The following diagram shows possible robot reactions based on these recognized characteristics:

Technical implementation

Only neural networks were used to recognize the various features of the worker. Thanks to their data-driven approach, these offer decisive advantages over traditional image processing algorithms, such as the best recognition rates, effective scaling with the data set and simple transfer to new use cases. Thanks to increasingly powerful hardware in the edge area (Nvidia Jetson), recognition takes place in almost real time (approx. 25ms). The following diagram shows the development of neural networks and the architectures used:

Step 1

The worker's face is recognized and cut out of the image using a bounding box. A pre-trained face detection model based on an SSD architecture with a MobileNet backbone is used for this.

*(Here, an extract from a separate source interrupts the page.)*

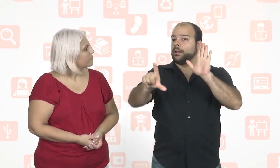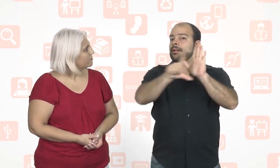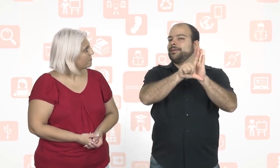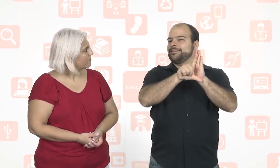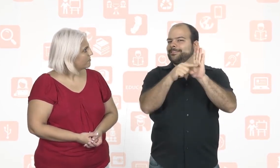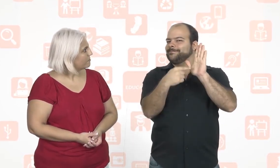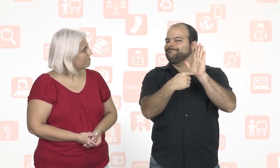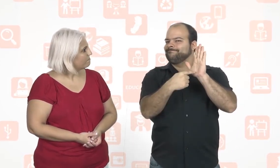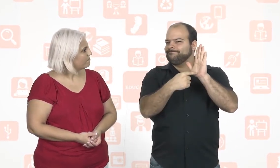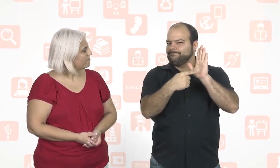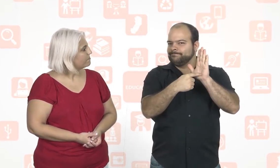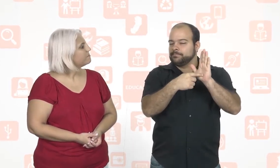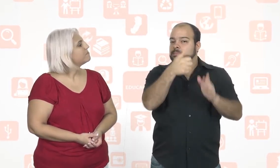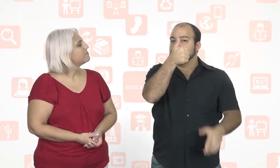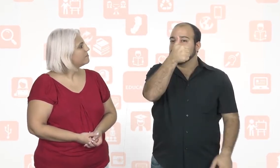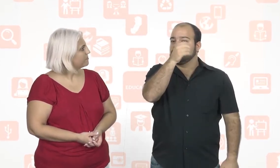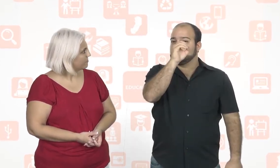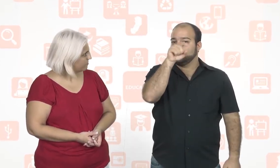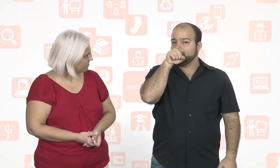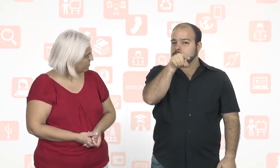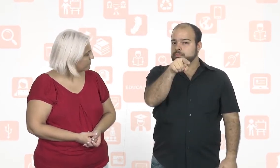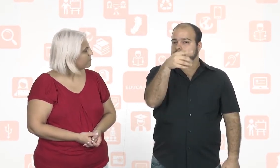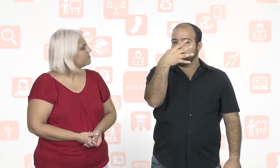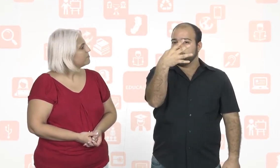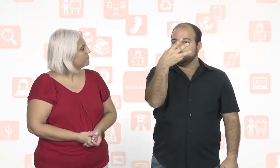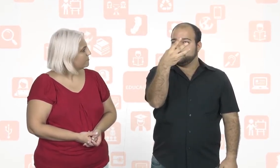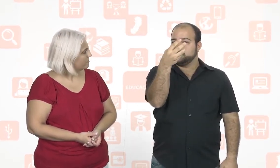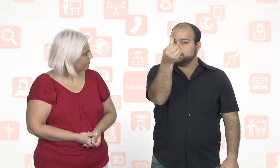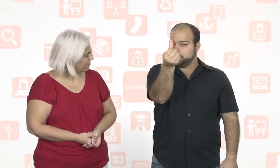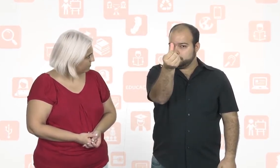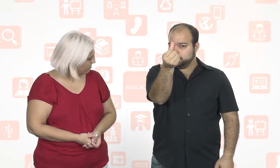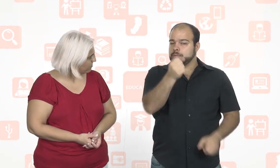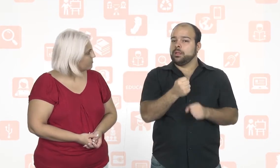Existe uma lei, a Lei 10.436 de 2002.
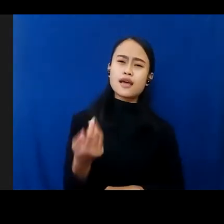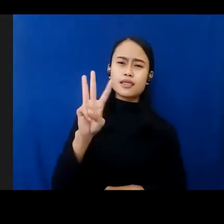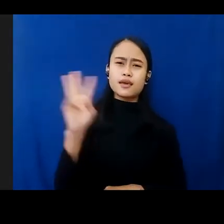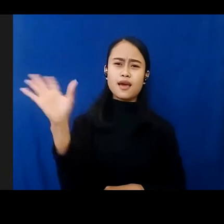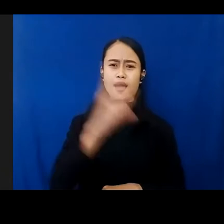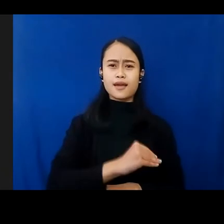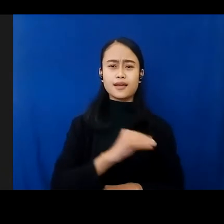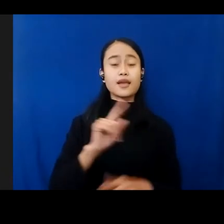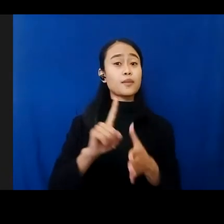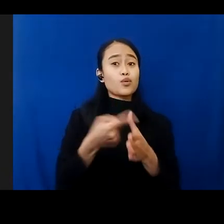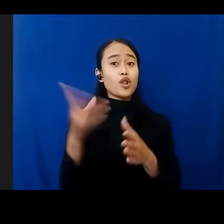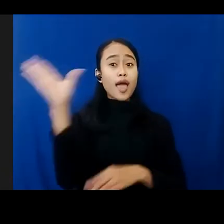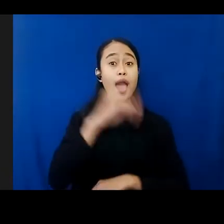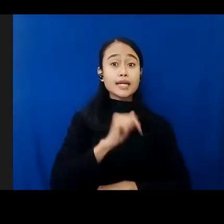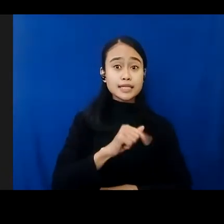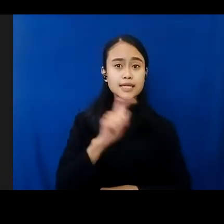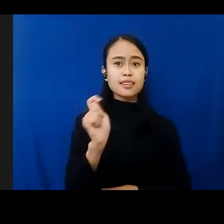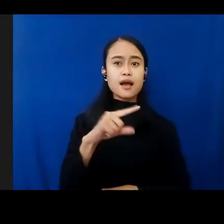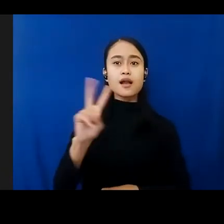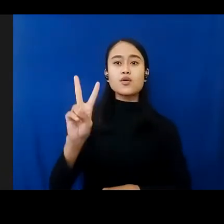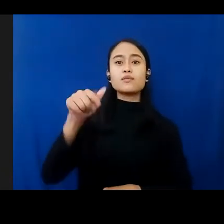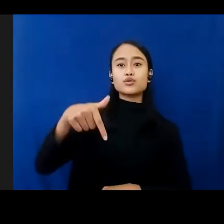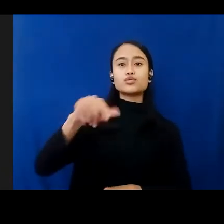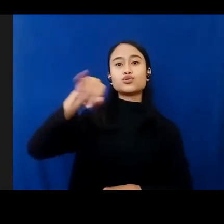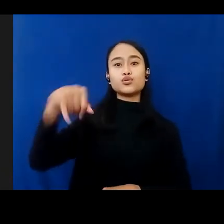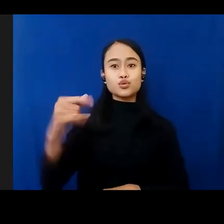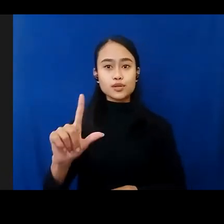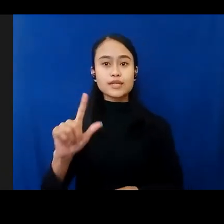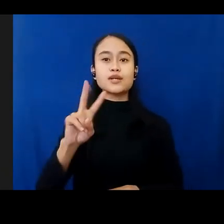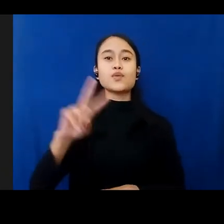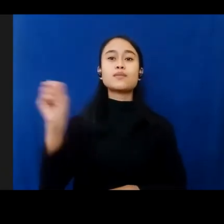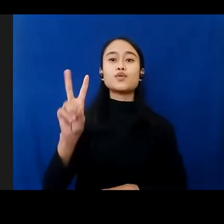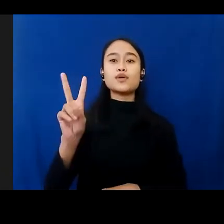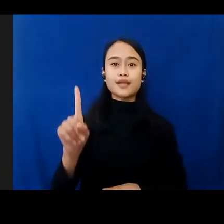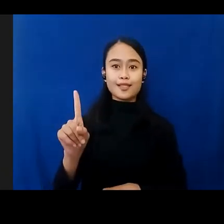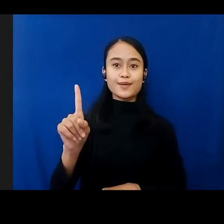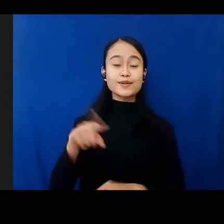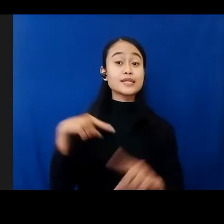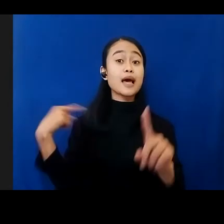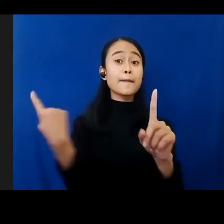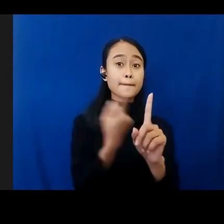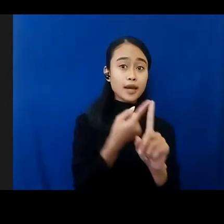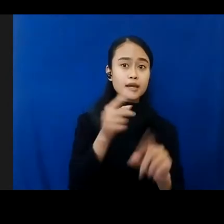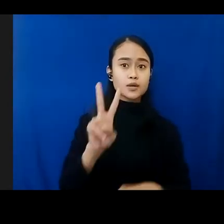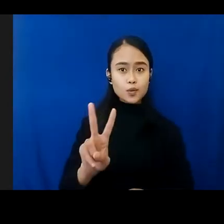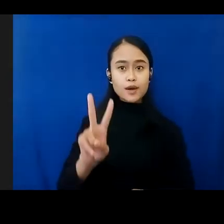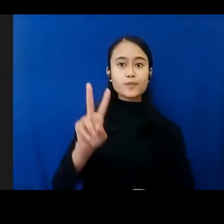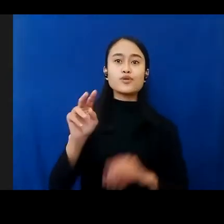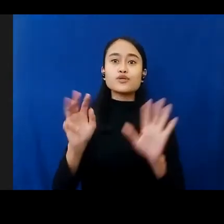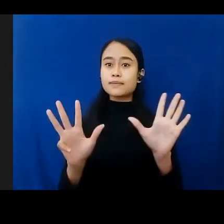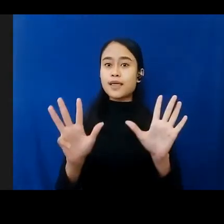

Resolution: 320x240 | Recognition time: 5ms

Step 2

Emotion of the worker is recognized. A Convolutional Neural Network (CNN) with a Resnet18 backbone, which was trained using the FER 2013 data set, is used for this.

Resolution: 48x48 | Recognition time: 3ms

Step 3

Authorized workers are recognized. With the help of transfer learning, the backbone of the CNN from step 2 is used, which is optimized for the authorized workers in this case.

Resolution: 48x48 | Recognition time: 3ms

Step 4

Fatigue is detected. For this purpose, relevant facial landmarks are detected using the dlib library, from which the eye area is extracted and analyzed. If the eyes close, a fatigue warning is issued.

Resolution: 112x112 | Recognition time: 8ms